### What you need to do:
Only one portion of the data is to be written out: from the line bearing "#290=EDGE_CURVE('',#336,#332,#338,.T.);" through the line bearing "#486=DIRECTION('',(0.,0.,1.0));". Write it exactly as it appears.

**********

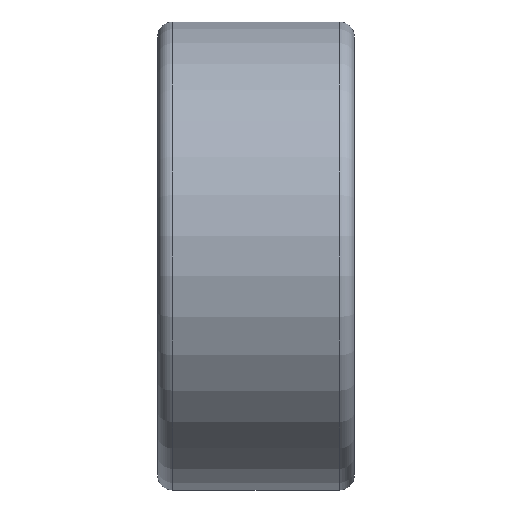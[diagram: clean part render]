
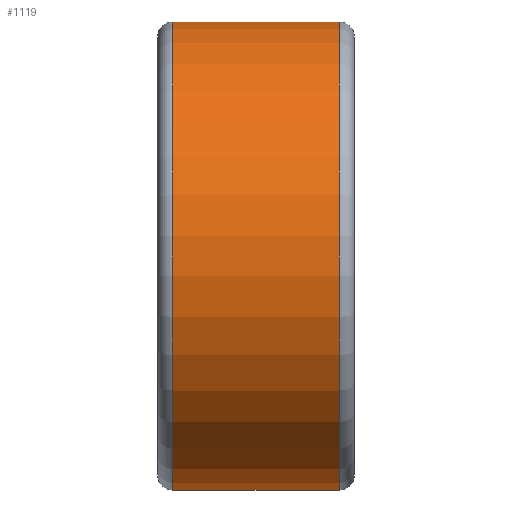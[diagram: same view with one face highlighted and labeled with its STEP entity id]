
A CAD part, left-side view. The second image highlights one B-rep face of the part: STEP entity #1119.
In plain terms, the highlighted cylindrical face has radius 7.75 mm (diameter 15.5 mm), a partial arc.
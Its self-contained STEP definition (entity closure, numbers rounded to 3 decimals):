
#164=FACE_OUTER_BOUND('',#242,.T.);
#242=EDGE_LOOP('',(#893,#894,#895,#896));
#319=LINE('',#4686,#372);
#320=LINE('',#4690,#373);
#372=VECTOR('',#1442,5.5);
#373=VECTOR('',#1445,5.5);
#407=CIRCLE('',#1232,7.75);
#408=CIRCLE('',#1233,7.75);
#514=VERTEX_POINT('',#4684);
#515=VERTEX_POINT('',#4685);
#516=VERTEX_POINT('',#4687);
#517=VERTEX_POINT('',#4689);
#646=EDGE_CURVE('',#514,#515,#319,.T.);
#647=EDGE_CURVE('',#515,#516,#407,.F.);
#648=EDGE_CURVE('',#517,#516,#320,.T.);
#649=EDGE_CURVE('',#517,#514,#408,.T.);
#893=ORIENTED_EDGE('',*,*,#646,.T.);
#894=ORIENTED_EDGE('',*,*,#647,.T.);
#895=ORIENTED_EDGE('',*,*,#648,.F.);
#896=ORIENTED_EDGE('',*,*,#649,.T.);
#1072=CYLINDRICAL_SURFACE('',#1231,7.75);
#1119=ADVANCED_FACE('',(#164),#1072,.T.);
#1231=AXIS2_PLACEMENT_3D('',#4683,#1440,#1441);
#1232=AXIS2_PLACEMENT_3D('',#4688,#1443,#1444);
#1233=AXIS2_PLACEMENT_3D('',#4691,#1446,#1447);
#1440=DIRECTION('center_axis',(0.,-1.,0.));
#1441=DIRECTION('ref_axis',(-1.,0.,0.));
#1442=DIRECTION('',(0.,-1.,0.));
#1443=DIRECTION('center_axis',(0.,-1.,0.));
#1444=DIRECTION('ref_axis',(0.,0.,-1.));
#1445=DIRECTION('',(0.,-1.,0.));
#1446=DIRECTION('center_axis',(0.,-1.,0.));
#1447=DIRECTION('ref_axis',(0.,0.,-1.));
#4683=CARTESIAN_POINT('Origin',(-18.5,3.25,0.));
#4684=CARTESIAN_POINT('',(-14.069,2.75,-6.358));
#4685=CARTESIAN_POINT('',(-14.069,-2.75,-6.358));
#4686=CARTESIAN_POINT('',(-14.069,2.75,-6.358));
#4687=CARTESIAN_POINT('',(-14.069,-2.75,6.358));
#4688=CARTESIAN_POINT('Origin',(-18.5,-2.75,0.));
#4689=CARTESIAN_POINT('',(-14.069,2.75,6.358));
#4690=CARTESIAN_POINT('',(-14.069,2.75,6.358));
#4691=CARTESIAN_POINT('Origin',(-18.5,2.75,0.));
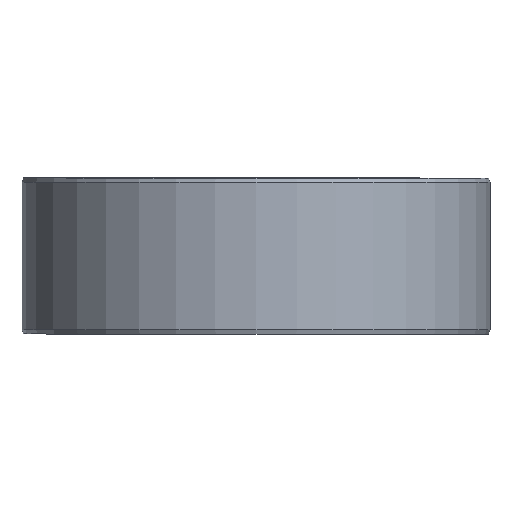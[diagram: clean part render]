
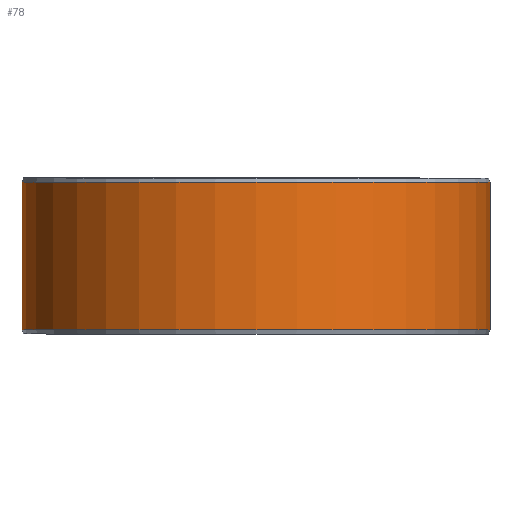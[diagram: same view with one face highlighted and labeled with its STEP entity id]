
A CAD part, front view. The second image highlights one B-rep face of the part: STEP entity #78.
In plain terms, the highlighted cylindrical face has radius 105 mm (diameter 210 mm), a partial arc.
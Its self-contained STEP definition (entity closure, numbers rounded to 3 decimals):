
#78=ADVANCED_FACE('',(#98),#99,.T.);
#98=FACE_OUTER_BOUND('',#130,.T.);
#99=CYLINDRICAL_SURFACE('',#131,105.0);
#130=EDGE_LOOP('',(#177,#178,#179,#180));
#131=AXIS2_PLACEMENT_3D('',#181,#182,#183);
#177=ORIENTED_EDGE('',*,*,#291,.F.);
#178=ORIENTED_EDGE('',*,*,#290,.F.);
#179=ORIENTED_EDGE('',*,*,#292,.F.);
#180=ORIENTED_EDGE('',*,*,#293,.T.);
#181=CARTESIAN_POINT('',(0.,0.,35.0));
#182=DIRECTION('',(0.,0.,1.0));
#183=DIRECTION('',(-1.0,0.,0.));
#290=EDGE_CURVE('',#336,#332,#338,.T.);
#291=EDGE_CURVE('',#332,#339,#340,.T.);
#292=EDGE_CURVE('',#341,#336,#342,.T.);
#293=EDGE_CURVE('',#341,#339,#343,.T.);
#332=VERTEX_POINT('',#398);
#336=VERTEX_POINT('',#403);
#338=CIRCLE('',#406,105.0);
#339=VERTEX_POINT('',#407);
#340=LINE('',#408,#409);
#341=VERTEX_POINT('',#410);
#342=LINE('',#411,#412);
#343=CIRCLE('',#413,105.0);
#398=CARTESIAN_POINT('',(105.0,0.,68.2));
#403=CARTESIAN_POINT('',(-105.0,0.,68.2));
#406=AXIS2_PLACEMENT_3D('',#482,#483,#484);
#407=CARTESIAN_POINT('',(105.0,0.,1.8));
#408=CARTESIAN_POINT('',(105.0,0.,35.0));
#409=VECTOR('',#485,1.0);
#410=CARTESIAN_POINT('',(-105.0,0.,1.8));
#411=CARTESIAN_POINT('',(-105.0,0.,1.8));
#412=VECTOR('',#486,10.0);
#413=AXIS2_PLACEMENT_3D('',#487,#488,#489);
#482=CARTESIAN_POINT('',(0.,0.,68.2));
#483=DIRECTION('',(0.,0.,1.0));
#484=DIRECTION('',(-1.0,0.,0.));
#485=DIRECTION('',(0.,0.,-1.0));
#486=DIRECTION('',(0.,0.,1.0));
#487=CARTESIAN_POINT('',(0.,0.,1.8));
#488=DIRECTION('',(0.,0.,1.0));
#489=DIRECTION('',(-1.0,0.,0.));

**********

### Solution to the exercise:
#290=EDGE_CURVE('',#336,#332,#338,.T.);
#291=EDGE_CURVE('',#332,#339,#340,.T.);
#292=EDGE_CURVE('',#341,#336,#342,.T.);
#293=EDGE_CURVE('',#341,#339,#343,.T.);
#332=VERTEX_POINT('',#398);
#336=VERTEX_POINT('',#403);
#338=CIRCLE('',#406,105.0);
#339=VERTEX_POINT('',#407);
#340=LINE('',#408,#409);
#341=VERTEX_POINT('',#410);
#342=LINE('',#411,#412);
#343=CIRCLE('',#413,105.0);
#398=CARTESIAN_POINT('',(105.0,0.,68.2));
#403=CARTESIAN_POINT('',(-105.0,0.,68.2));
#406=AXIS2_PLACEMENT_3D('',#482,#483,#484);
#407=CARTESIAN_POINT('',(105.0,0.,1.8));
#408=CARTESIAN_POINT('',(105.0,0.,35.0));
#409=VECTOR('',#485,1.0);
#410=CARTESIAN_POINT('',(-105.0,0.,1.8));
#411=CARTESIAN_POINT('',(-105.0,0.,1.8));
#412=VECTOR('',#486,10.0);
#413=AXIS2_PLACEMENT_3D('',#487,#488,#489);
#482=CARTESIAN_POINT('',(0.,0.,68.2));
#483=DIRECTION('',(0.,0.,1.0));
#484=DIRECTION('',(-1.0,0.,0.));
#485=DIRECTION('',(0.,0.,-1.0));
#486=DIRECTION('',(0.,0.,1.0));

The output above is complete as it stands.